The iPhone app called Highlight aims to transform how people meet by alerting users when they are physically near people with whom they share a connection such as mutual friends, similar interests or the same hometown.
"Nothing affects our happiness or influences our lives more than the people around us. But the way we find or learn about them, is -- and always has been -- completely random and inefficient," said Paul Davison, the founder of Highlight.
"Take San Francisco as an example. It's a city of 800,000 strangers. We sit on the bus and stand in line next to each other. But you don't know anything about anyone that you pass by. That doesn't seem weird, because it's always been that way. But if you think about it, it's kind of ridiculous," he said.
The Highlight app runs in the background on users' devices.
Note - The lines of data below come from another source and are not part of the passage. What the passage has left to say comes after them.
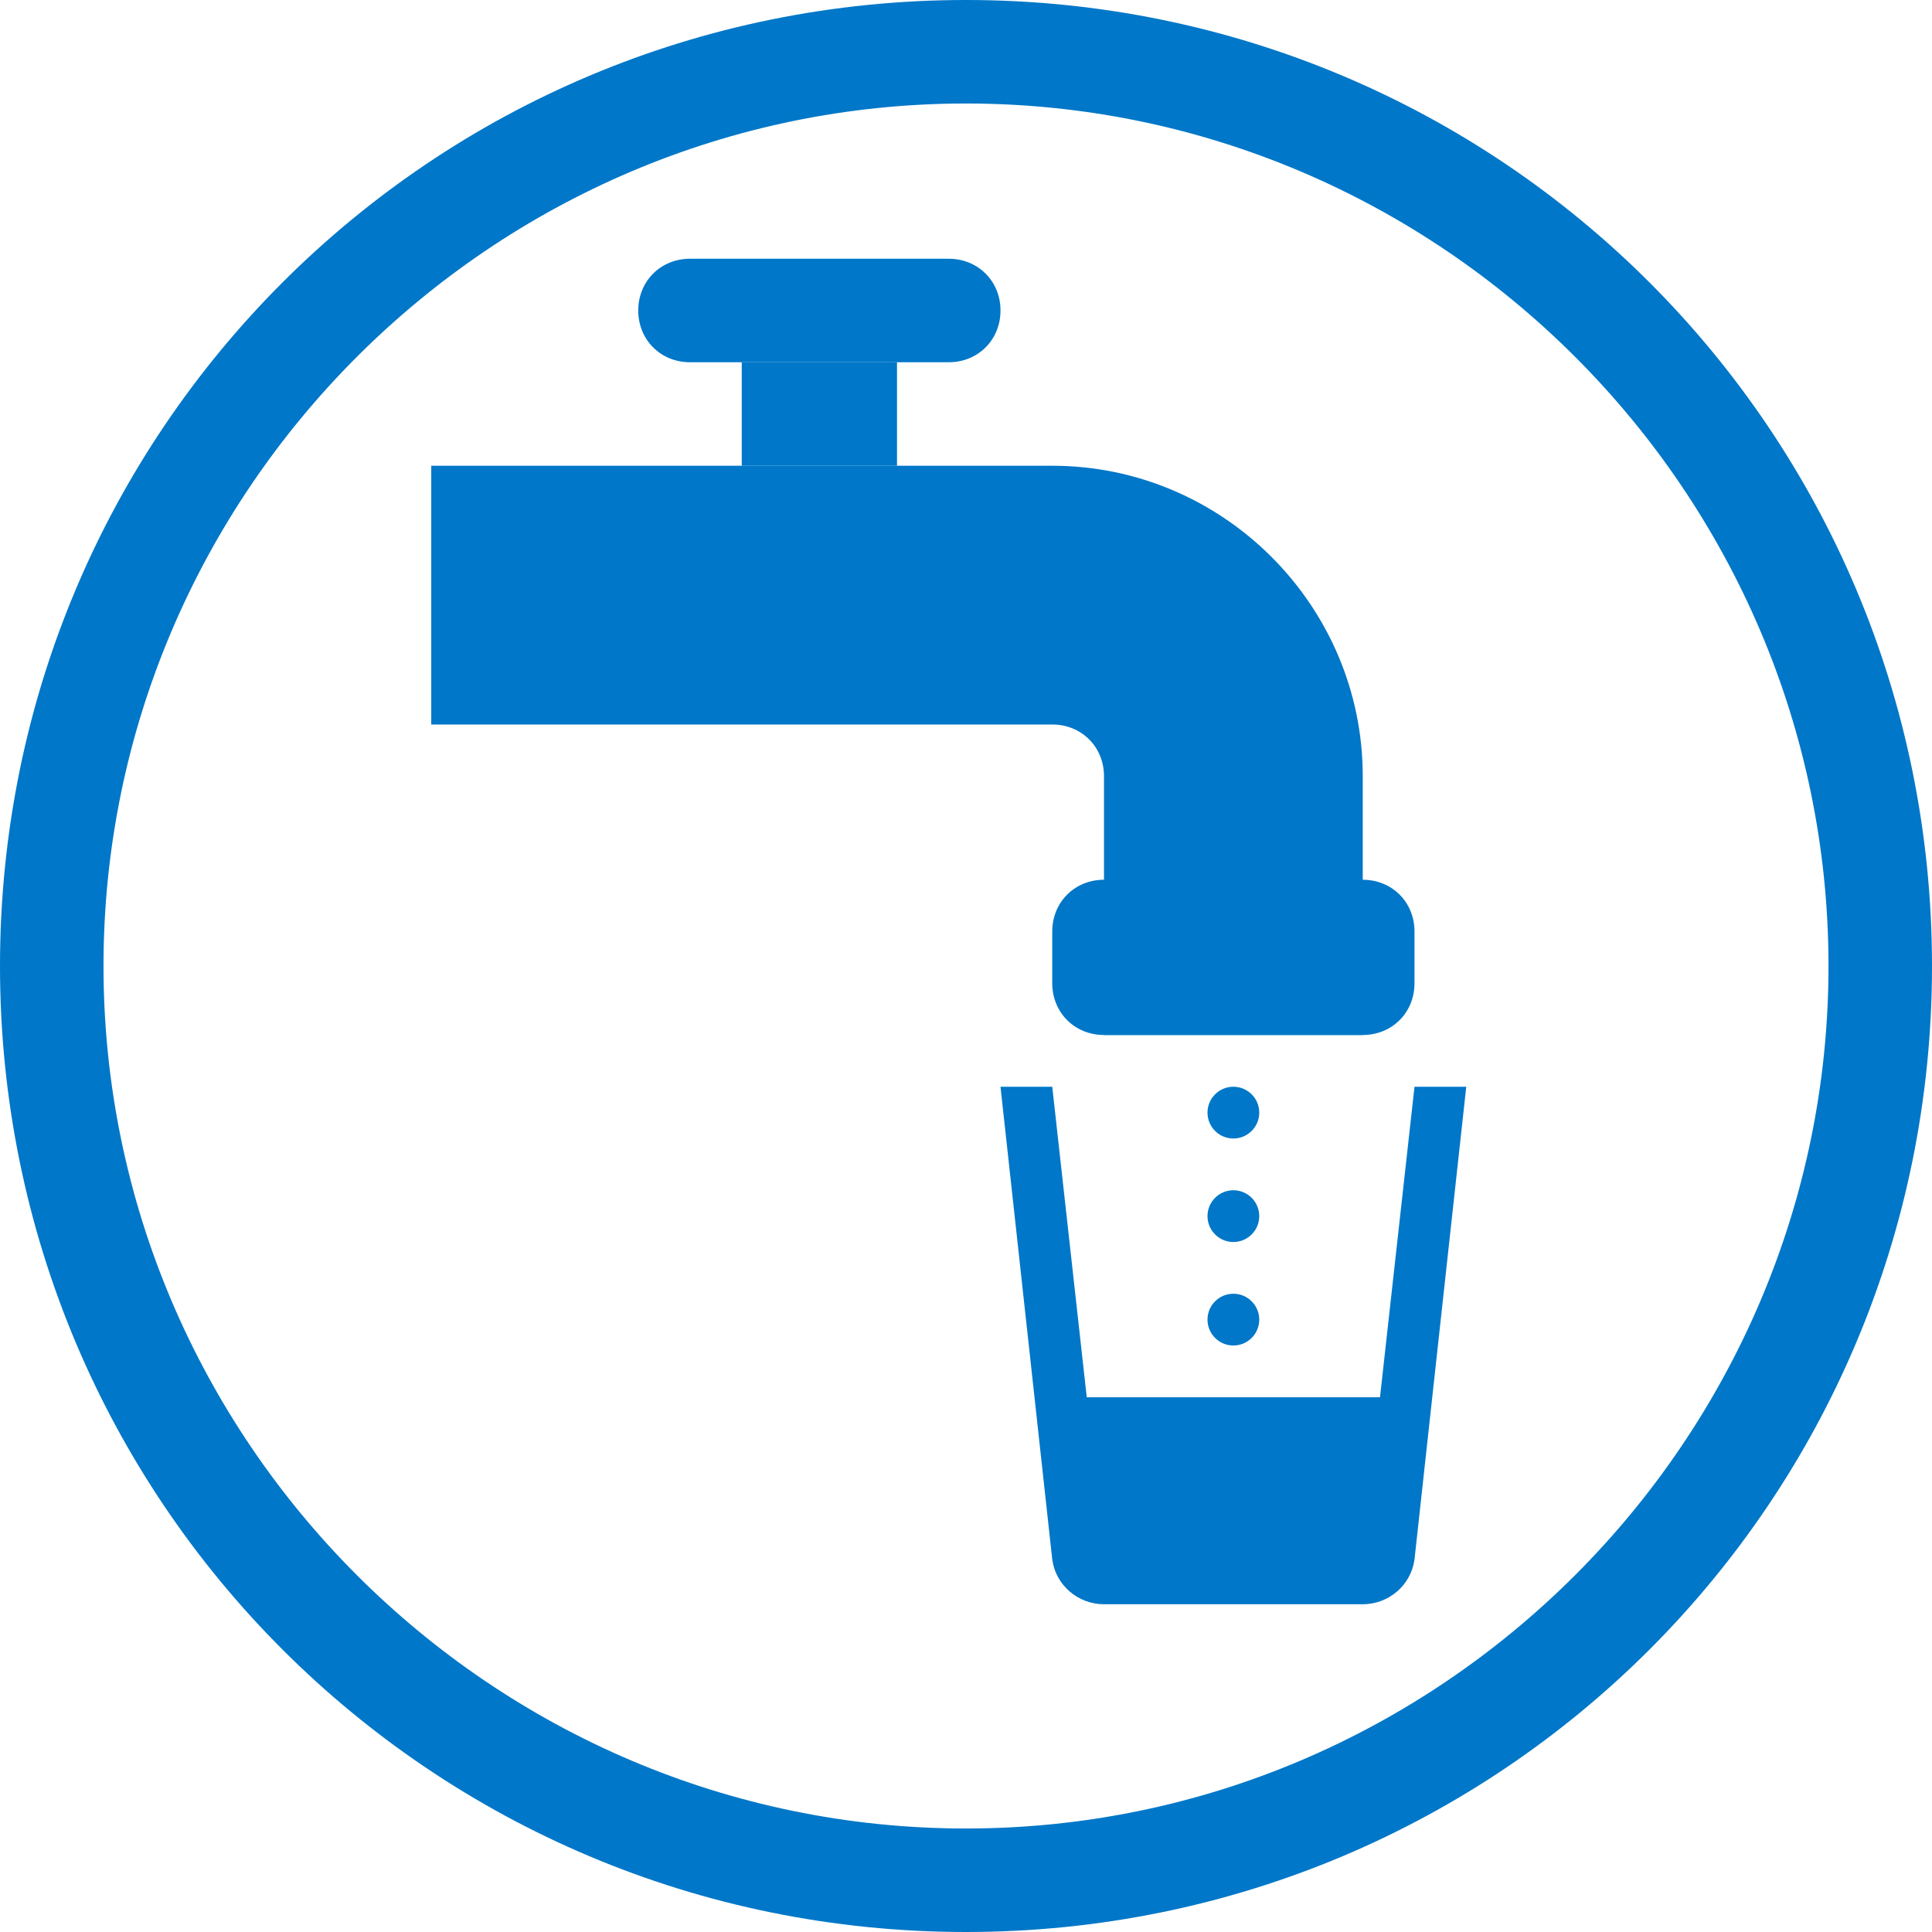 <?xml version="1.0" encoding="utf-8"?>
<!-- Generator: Adobe Illustrator 24.1.1, SVG Export Plug-In . SVG Version: 6.00 Build 0)  -->
<svg version="1.1" id="RGB" xmlns="http://www.w3.org/2000/svg" xmlns:xlink="http://www.w3.org/1999/xlink" x="0px" y="0px"
	 viewBox="0 0 112 112" style="enable-background:new 0 0 112 112;" xml:space="preserve">
<style type="text/css">
	.st0{fill:#64A70B;}
	.st1{fill:#041E42;}
	.st2{fill:#707372;}
	.st3{fill:#41B6E6;}
	.st4{fill:#E35205;}
	.st5{fill:#0077C8;}
	.st6{fill:#FFFFFF;}
	.st7{fill:#231F20;}
</style>
<g>
	<path class="st5" d="M56,6c27.5,0,50,22.5,50,50s-22.5,50-50,50S6,83.5,6,56S28.5,6,56,6 M56,0C25,0,0,25,0,56s25,56,56,56
		s56-25,56-56S87,0,56,0L56,0z"/>
</g>
<g>
	<g>
		<path class="st5" d="M79,60H64c-1.7,0-3-1.3-3-3v-3c0-1.7,1.3-3,3-3h15c1.7,0,3,1.3,3,3v3C82,58.7,80.7,60,79,60z"/>
		<rect x="43" y="21" class="st5" width="9" height="6"/>
		<path class="st5" d="M55,21H40c-1.7,0-3-1.3-3-3v0c0-1.7,1.3-3,3-3h15c1.7,0,3,1.3,3,3v0C58,19.7,56.7,21,55,21z"/>
		<path class="st5" d="M61,27H25v15h36c1.7,0,3,1.3,3,3v15h15V45C79,35.1,70.9,27,61,27z"/>
	</g>
	<path class="st5" d="M82,63l-3,27H64l-3-27h-3l3,27.4c0.2,1.5,1.5,2.6,3,2.6h15c1.5,0,2.8-1.1,3-2.6L85,63C84,63,83,63,82,63z"/>
	<polygon class="st5" points="80,92.2 63,92.2 61,81 82,81 	"/>
	<g>
		<circle class="st5" cx="71.5" cy="64.5" r="1.5"/>
		<circle class="st5" cx="71.5" cy="70.5" r="1.5"/>
		<circle class="st5" cx="71.5" cy="76.5" r="1.5"/>
	</g>
</g>
</svg>

When it makes a connection it sends each user the other's profile, including information such as names, photos, mutual connections and interests. It can include companies where they work, or neighborhoods where they live, if the information is provided on their Facebook profiles.
The app displays each user's current location on a map, within an accuracy of 35 to 50 meters (yards).
Davison said the evolution of social technology during the past decade has shown the natural urge to share information about ourselves and our curiosity about the people around us.
It is for these reasons that he thinks apps like Highlight, which have been defined as "people discovery" or "ambient awareness" will be embraced despite security concerns from critics.
He cited Facebook, Foursquare and Twitter as examples of how users have embraced technology that had raised privacy concerns, according to Davison.
"You see this pattern repeat over and over again. When they first launch, a lot of people look at it and say, 'That's weird, that's creepy, why would I do that?'"
"But then a small subset of people give it a shot and find out that it's really fun and rewarding. Over time, more and more people see them having fun, and they hear good things about it, and they decide that the social benefits of being part of this thing and participating in this ecosystem outweigh the cost of the additional privacy they're giving up."
Davison added that all participants opt-in to using the app.
He said the company will have a heavy focus on security and adding more intelligence. For example, they will increase the ways in which Highlight identifies and makes a connection, depending on circumstances.
"If you and I are friends and both live in San Francisco and are three miles apart, that's not that interesting. But if you and I are both in Kansas three miles apart -- and didn't travel there together -- that's really interesting," he said.
Similar people discovery apps include Glancee, Sonar and Banjo.